User: Enumeration scripts should find it, you won’t have to go too deep.
Root: You might have seen a method you couldn’t have used earlier, you can now.
Ok so slight update:
One exploit i tried apparently worked, but…theres no session that was created
rybaz
November 2, 2019, 9:54pm
29
Type your comment> @ZeWanderer said:
Type your comment> @j3wker said:
Same - got low privs shell - kinda lost on whats next - still enumerating…

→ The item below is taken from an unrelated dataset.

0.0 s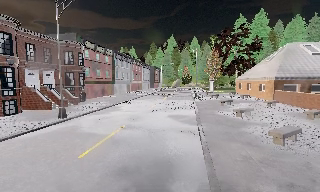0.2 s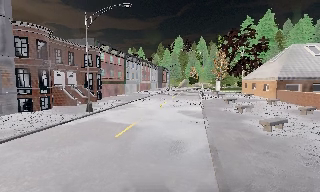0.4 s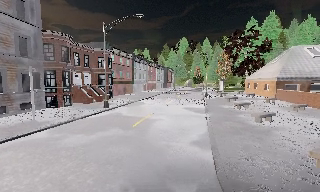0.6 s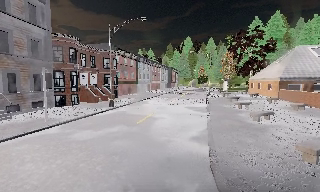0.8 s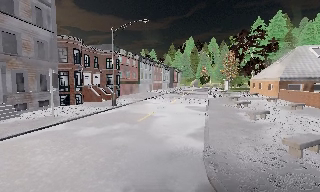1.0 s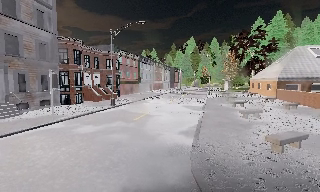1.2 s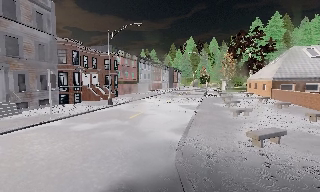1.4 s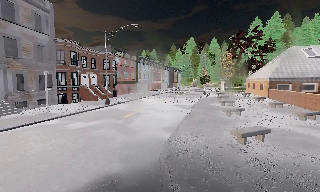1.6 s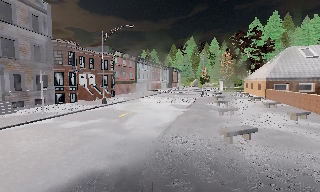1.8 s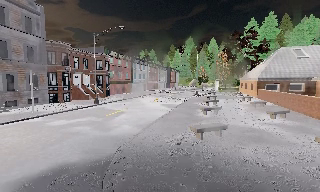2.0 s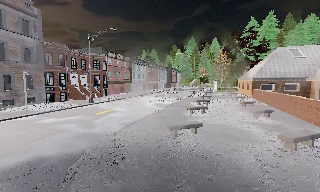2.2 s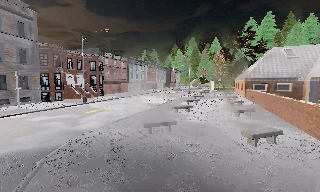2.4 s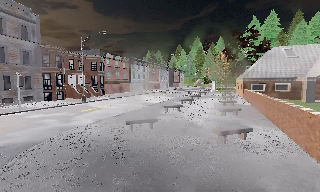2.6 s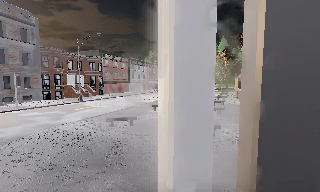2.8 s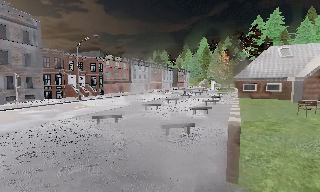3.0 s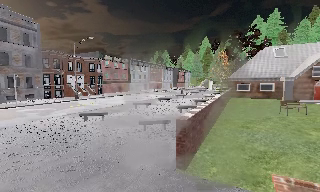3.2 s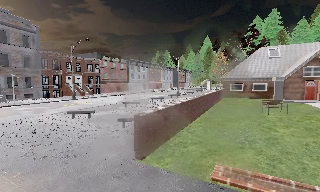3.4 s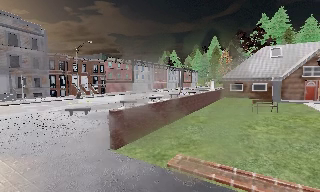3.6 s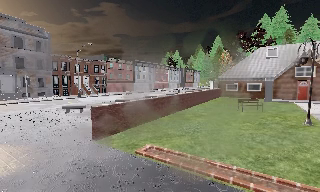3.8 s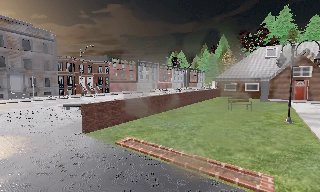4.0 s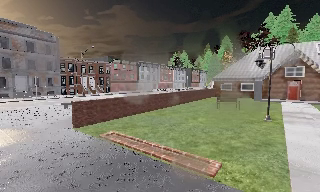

How did you get low priv shell? My R***** and W***** exploits keep failing
I’d like to know as well…nothing I normally do with r***s in the wild is working for me.
Crashie
November 2, 2019, 9:56pm
30
Type your comment> @MonocleHat said:
Ok so slight update:
One exploit i tried apparently worked, but…theres no session that was created
haha me too, i got a little excited when i saw the exploit going green, then showing a “no session created” kinda bummed me out xD
We shall try harder
Type your comment> @Crashie said:
Type your comment> @MonocleHat said:
Ok so slight update:
One exploit i tried apparently worked, but…theres no session that was created
haha me too, i got a little excited when i saw the exploit going green, then showing a “no session created” kinda bummed me out xD
We shall try harder
I need another box to rank up ;-;
Crashie
November 2, 2019, 10:06pm
32
Type your comment> @MonocleHat said:
Type your comment> @Crashie said:
Type your comment> @MonocleHat said:
Ok so slight update:
One exploit i tried apparently worked, but…theres no session that was created
haha me too, i got a little excited when i saw the exploit going green, then showing a “no session created” kinda bummed me out xD
We shall try harder
I need another box to rank up ;-;
■■■ me too (i think), but try harder :')
olsv
November 2, 2019, 11:22pm
33
Stats: 0:46:53 elapsed; 0 hosts completed (1 up), 1 undergoing SYN Stealth Scan
SYN Stealth Scan Timing: About 3.45% done; ETC: 16:03 (21:52:21 remaining)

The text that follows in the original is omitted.